Task:
Even if the data beneath seems repetitive, write it all out again exactly.

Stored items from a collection
((

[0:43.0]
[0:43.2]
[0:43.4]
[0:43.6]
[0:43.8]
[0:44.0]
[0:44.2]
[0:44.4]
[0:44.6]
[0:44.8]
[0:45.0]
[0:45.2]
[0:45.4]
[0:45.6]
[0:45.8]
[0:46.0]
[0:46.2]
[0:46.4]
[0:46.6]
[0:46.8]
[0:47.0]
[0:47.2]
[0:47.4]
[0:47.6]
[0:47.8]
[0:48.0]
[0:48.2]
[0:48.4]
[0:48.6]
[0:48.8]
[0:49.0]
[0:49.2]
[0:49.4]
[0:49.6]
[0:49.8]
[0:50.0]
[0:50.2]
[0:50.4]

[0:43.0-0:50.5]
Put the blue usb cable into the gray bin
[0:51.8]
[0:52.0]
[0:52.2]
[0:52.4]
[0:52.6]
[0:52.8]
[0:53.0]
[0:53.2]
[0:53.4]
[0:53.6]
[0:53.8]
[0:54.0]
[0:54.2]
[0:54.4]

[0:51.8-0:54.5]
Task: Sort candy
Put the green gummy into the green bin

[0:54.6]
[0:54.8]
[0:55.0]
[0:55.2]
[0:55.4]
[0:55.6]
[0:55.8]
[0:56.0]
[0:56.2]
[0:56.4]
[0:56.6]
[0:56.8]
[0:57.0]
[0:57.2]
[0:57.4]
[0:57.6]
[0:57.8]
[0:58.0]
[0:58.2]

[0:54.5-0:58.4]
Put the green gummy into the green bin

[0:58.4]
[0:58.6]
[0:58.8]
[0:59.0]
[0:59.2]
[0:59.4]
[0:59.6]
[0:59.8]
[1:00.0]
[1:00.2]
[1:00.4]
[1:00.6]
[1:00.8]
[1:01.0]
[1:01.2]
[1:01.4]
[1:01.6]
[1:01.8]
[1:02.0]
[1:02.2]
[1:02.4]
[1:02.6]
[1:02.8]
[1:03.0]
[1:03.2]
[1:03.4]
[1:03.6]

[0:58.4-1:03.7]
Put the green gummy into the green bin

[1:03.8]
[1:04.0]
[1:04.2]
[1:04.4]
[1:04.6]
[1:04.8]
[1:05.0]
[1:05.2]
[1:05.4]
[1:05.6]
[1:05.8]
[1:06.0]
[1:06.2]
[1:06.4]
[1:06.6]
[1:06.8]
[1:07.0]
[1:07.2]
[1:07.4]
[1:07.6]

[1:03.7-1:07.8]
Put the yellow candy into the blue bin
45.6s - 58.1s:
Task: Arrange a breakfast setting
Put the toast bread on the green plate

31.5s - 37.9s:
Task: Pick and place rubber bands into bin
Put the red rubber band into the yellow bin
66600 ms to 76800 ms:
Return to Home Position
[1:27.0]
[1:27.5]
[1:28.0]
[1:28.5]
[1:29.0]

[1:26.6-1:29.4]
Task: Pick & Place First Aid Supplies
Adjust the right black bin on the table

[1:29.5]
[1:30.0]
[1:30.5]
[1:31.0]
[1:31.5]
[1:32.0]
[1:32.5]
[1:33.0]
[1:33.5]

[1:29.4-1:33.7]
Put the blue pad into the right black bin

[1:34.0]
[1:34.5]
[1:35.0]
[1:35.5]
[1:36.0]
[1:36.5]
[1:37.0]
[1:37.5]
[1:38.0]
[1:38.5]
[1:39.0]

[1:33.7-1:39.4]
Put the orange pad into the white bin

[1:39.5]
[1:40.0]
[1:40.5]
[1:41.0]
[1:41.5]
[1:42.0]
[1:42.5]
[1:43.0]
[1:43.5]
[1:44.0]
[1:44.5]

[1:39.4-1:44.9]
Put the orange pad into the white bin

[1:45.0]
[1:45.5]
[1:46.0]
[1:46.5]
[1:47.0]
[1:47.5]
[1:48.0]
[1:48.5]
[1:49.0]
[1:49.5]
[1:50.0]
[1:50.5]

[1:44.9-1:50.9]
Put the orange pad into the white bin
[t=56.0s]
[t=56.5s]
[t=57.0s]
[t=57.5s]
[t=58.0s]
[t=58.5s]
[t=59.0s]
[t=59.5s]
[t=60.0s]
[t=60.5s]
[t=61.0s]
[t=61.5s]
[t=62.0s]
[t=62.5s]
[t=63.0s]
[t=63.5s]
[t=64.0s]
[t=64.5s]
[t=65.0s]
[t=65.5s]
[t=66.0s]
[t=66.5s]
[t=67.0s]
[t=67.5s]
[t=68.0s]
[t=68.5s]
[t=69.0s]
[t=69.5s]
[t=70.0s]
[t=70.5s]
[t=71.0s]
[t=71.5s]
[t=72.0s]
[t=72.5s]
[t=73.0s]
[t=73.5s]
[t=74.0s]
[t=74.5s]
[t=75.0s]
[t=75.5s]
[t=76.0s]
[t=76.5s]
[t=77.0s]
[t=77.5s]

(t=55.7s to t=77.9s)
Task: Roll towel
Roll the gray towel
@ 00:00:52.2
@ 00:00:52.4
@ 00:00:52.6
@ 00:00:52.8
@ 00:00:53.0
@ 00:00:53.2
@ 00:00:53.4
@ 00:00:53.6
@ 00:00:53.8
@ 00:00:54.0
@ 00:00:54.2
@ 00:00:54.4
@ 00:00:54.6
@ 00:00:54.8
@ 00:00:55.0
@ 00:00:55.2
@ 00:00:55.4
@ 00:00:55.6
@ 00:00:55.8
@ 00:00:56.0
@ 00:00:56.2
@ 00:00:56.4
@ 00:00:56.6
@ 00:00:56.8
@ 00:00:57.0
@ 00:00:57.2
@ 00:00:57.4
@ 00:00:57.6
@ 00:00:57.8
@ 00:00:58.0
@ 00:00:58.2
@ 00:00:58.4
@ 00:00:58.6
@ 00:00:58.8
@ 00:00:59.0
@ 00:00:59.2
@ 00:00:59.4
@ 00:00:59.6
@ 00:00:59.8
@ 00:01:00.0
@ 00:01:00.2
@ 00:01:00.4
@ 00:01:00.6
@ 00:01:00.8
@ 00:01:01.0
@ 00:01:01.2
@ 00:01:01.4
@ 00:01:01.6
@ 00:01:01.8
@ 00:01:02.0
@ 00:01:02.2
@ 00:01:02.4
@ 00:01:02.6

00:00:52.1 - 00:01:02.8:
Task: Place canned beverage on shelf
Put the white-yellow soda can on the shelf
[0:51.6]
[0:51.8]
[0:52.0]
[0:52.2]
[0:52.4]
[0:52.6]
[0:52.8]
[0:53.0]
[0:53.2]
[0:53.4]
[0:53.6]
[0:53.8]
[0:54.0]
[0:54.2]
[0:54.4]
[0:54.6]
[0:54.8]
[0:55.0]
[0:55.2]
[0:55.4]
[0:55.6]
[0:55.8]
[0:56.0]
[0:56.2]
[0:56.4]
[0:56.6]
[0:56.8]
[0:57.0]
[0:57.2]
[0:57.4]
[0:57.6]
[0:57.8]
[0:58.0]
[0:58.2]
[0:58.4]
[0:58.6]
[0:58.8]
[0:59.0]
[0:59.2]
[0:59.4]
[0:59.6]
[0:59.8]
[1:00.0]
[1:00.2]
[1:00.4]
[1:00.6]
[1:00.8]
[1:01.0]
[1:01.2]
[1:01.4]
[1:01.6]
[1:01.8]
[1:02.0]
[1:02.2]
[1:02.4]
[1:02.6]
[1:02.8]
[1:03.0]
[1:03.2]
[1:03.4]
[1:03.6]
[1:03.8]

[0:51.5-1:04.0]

))

Answer section:
[0:43.0]
[0:43.2]
[0:43.4]
[0:43.6]
[0:43.8]
[0:44.0]
[0:44.2]
[0:44.4]
[0:44.6]
[0:44.8]
[0:45.0]
[0:45.2]
[0:45.4]
[0:45.6]
[0:45.8]
[0:46.0]
[0:46.2]
[0:46.4]
[0:46.6]
[0:46.8]
[0:47.0]
[0:47.2]
[0:47.4]
[0:47.6]
[0:47.8]
[0:48.0]
[0:48.2]
[0:48.4]
[0:48.6]
[0:48.8]
[0:49.0]
[0:49.2]
[0:49.4]
[0:49.6]
[0:49.8]
[0:50.0]
[0:50.2]
[0:50.4]

[0:43.0-0:50.5]
Put the blue usb cable into the gray bin
[0:51.8]
[0:52.0]
[0:52.2]
[0:52.4]
[0:52.6]
[0:52.8]
[0:53.0]
[0:53.2]
[0:53.4]
[0:53.6]
[0:53.8]
[0:54.0]
[0:54.2]
[0:54.4]

[0:51.8-0:54.5]
Task: Sort candy
Put the green gummy into the green bin

[0:54.6]
[0:54.8]
[0:55.0]
[0:55.2]
[0:55.4]
[0:55.6]
[0:55.8]
[0:56.0]
[0:56.2]
[0:56.4]
[0:56.6]
[0:56.8]
[0:57.0]
[0:57.2]
[0:57.4]
[0:57.6]
[0:57.8]
[0:58.0]
[0:58.2]

[0:54.5-0:58.4]
Put the green gummy into the green bin

[0:58.4]
[0:58.6]
[0:58.8]
[0:59.0]
[0:59.2]
[0:59.4]
[0:59.6]
[0:59.8]
[1:00.0]
[1:00.2]
[1:00.4]
[1:00.6]
[1:00.8]
[1:01.0]
[1:01.2]
[1:01.4]
[1:01.6]
[1:01.8]
[1:02.0]
[1:02.2]
[1:02.4]
[1:02.6]
[1:02.8]
[1:03.0]
[1:03.2]
[1:03.4]
[1:03.6]

[0:58.4-1:03.7]
Put the green gummy into the green bin

[1:03.8]
[1:04.0]
[1:04.2]
[1:04.4]
[1:04.6]
[1:04.8]
[1:05.0]
[1:05.2]
[1:05.4]
[1:05.6]
[1:05.8]
[1:06.0]
[1:06.2]
[1:06.4]
[1:06.6]
[1:06.8]
[1:07.0]
[1:07.2]
[1:07.4]
[1:07.6]

[1:03.7-1:07.8]
Put the yellow candy into the blue bin
45.6s - 58.1s:
Task: Arrange a breakfast setting
Put the toast bread on the green plate

31.5s - 37.9s:
Task: Pick and place rubber bands into bin
Put the red rubber band into the yellow bin
66600 ms to 76800 ms:
Return to Home Position
[1:27.0]
[1:27.5]
[1:28.0]
[1:28.5]
[1:29.0]

[1:26.6-1:29.4]
Task: Pick & Place First Aid Supplies
Adjust the right black bin on the table

[1:29.5]
[1:30.0]
[1:30.5]
[1:31.0]
[1:31.5]
[1:32.0]
[1:32.5]
[1:33.0]
[1:33.5]

[1:29.4-1:33.7]
Put the blue pad into the right black bin

[1:34.0]
[1:34.5]
[1:35.0]
[1:35.5]
[1:36.0]
[1:36.5]
[1:37.0]
[1:37.5]
[1:38.0]
[1:38.5]
[1:39.0]

[1:33.7-1:39.4]
Put the orange pad into the white bin

[1:39.5]
[1:40.0]
[1:40.5]
[1:41.0]
[1:41.5]
[1:42.0]
[1:42.5]
[1:43.0]
[1:43.5]
[1:44.0]
[1:44.5]

[1:39.4-1:44.9]
Put the orange pad into the white bin

[1:45.0]
[1:45.5]
[1:46.0]
[1:46.5]
[1:47.0]
[1:47.5]
[1:48.0]
[1:48.5]
[1:49.0]
[1:49.5]
[1:50.0]
[1:50.5]

[1:44.9-1:50.9]
Put the orange pad into the white bin
[t=56.0s]
[t=56.5s]
[t=57.0s]
[t=57.5s]
[t=58.0s]
[t=58.5s]
[t=59.0s]
[t=59.5s]
[t=60.0s]
[t=60.5s]
[t=61.0s]
[t=61.5s]
[t=62.0s]
[t=62.5s]
[t=63.0s]
[t=63.5s]
[t=64.0s]
[t=64.5s]
[t=65.0s]
[t=65.5s]
[t=66.0s]
[t=66.5s]
[t=67.0s]
[t=67.5s]
[t=68.0s]
[t=68.5s]
[t=69.0s]
[t=69.5s]
[t=70.0s]
[t=70.5s]
[t=71.0s]
[t=71.5s]
[t=72.0s]
[t=72.5s]
[t=73.0s]
[t=73.5s]
[t=74.0s]
[t=74.5s]
[t=75.0s]
[t=75.5s]
[t=76.0s]
[t=76.5s]
[t=77.0s]
[t=77.5s]

(t=55.7s to t=77.9s)
Task: Roll towel
Roll the gray towel
@ 00:00:52.2
@ 00:00:52.4
@ 00:00:52.6
@ 00:00:52.8
@ 00:00:53.0
@ 00:00:53.2
@ 00:00:53.4
@ 00:00:53.6
@ 00:00:53.8
@ 00:00:54.0
@ 00:00:54.2
@ 00:00:54.4
@ 00:00:54.6
@ 00:00:54.8
@ 00:00:55.0
@ 00:00:55.2
@ 00:00:55.4
@ 00:00:55.6
@ 00:00:55.8
@ 00:00:56.0
@ 00:00:56.2
@ 00:00:56.4
@ 00:00:56.6
@ 00:00:56.8
@ 00:00:57.0
@ 00:00:57.2
@ 00:00:57.4
@ 00:00:57.6
@ 00:00:57.8
@ 00:00:58.0
@ 00:00:58.2
@ 00:00:58.4
@ 00:00:58.6
@ 00:00:58.8
@ 00:00:59.0
@ 00:00:59.2
@ 00:00:59.4
@ 00:00:59.6
@ 00:00:59.8
@ 00:01:00.0
@ 00:01:00.2
@ 00:01:00.4
@ 00:01:00.6
@ 00:01:00.8
@ 00:01:01.0
@ 00:01:01.2
@ 00:01:01.4
@ 00:01:01.6
@ 00:01:01.8
@ 00:01:02.0
@ 00:01:02.2
@ 00:01:02.4
@ 00:01:02.6

00:00:52.1 - 00:01:02.8:
Task: Place canned beverage on shelf
Put the white-yellow soda can on the shelf
[0:51.6]
[0:51.8]
[0:52.0]
[0:52.2]
[0:52.4]
[0:52.6]
[0:52.8]
[0:53.0]
[0:53.2]
[0:53.4]
[0:53.6]
[0:53.8]
[0:54.0]
[0:54.2]
[0:54.4]
[0:54.6]
[0:54.8]
[0:55.0]
[0:55.2]
[0:55.4]
[0:55.6]
[0:55.8]
[0:56.0]
[0:56.2]
[0:56.4]
[0:56.6]
[0:56.8]
[0:57.0]
[0:57.2]
[0:57.4]
[0:57.6]
[0:57.8]
[0:58.0]
[0:58.2]
[0:58.4]
[0:58.6]
[0:58.8]
[0:59.0]
[0:59.2]
[0:59.4]
[0:59.6]
[0:59.8]
[1:00.0]
[1:00.2]
[1:00.4]
[1:00.6]
[1:00.8]
[1:01.0]
[1:01.2]
[1:01.4]
[1:01.6]
[1:01.8]
[1:02.0]
[1:02.2]
[1:02.4]
[1:02.6]
[1:02.8]
[1:03.0]
[1:03.2]
[1:03.4]
[1:03.6]
[1:03.8]

[0:51.5-1:04.0]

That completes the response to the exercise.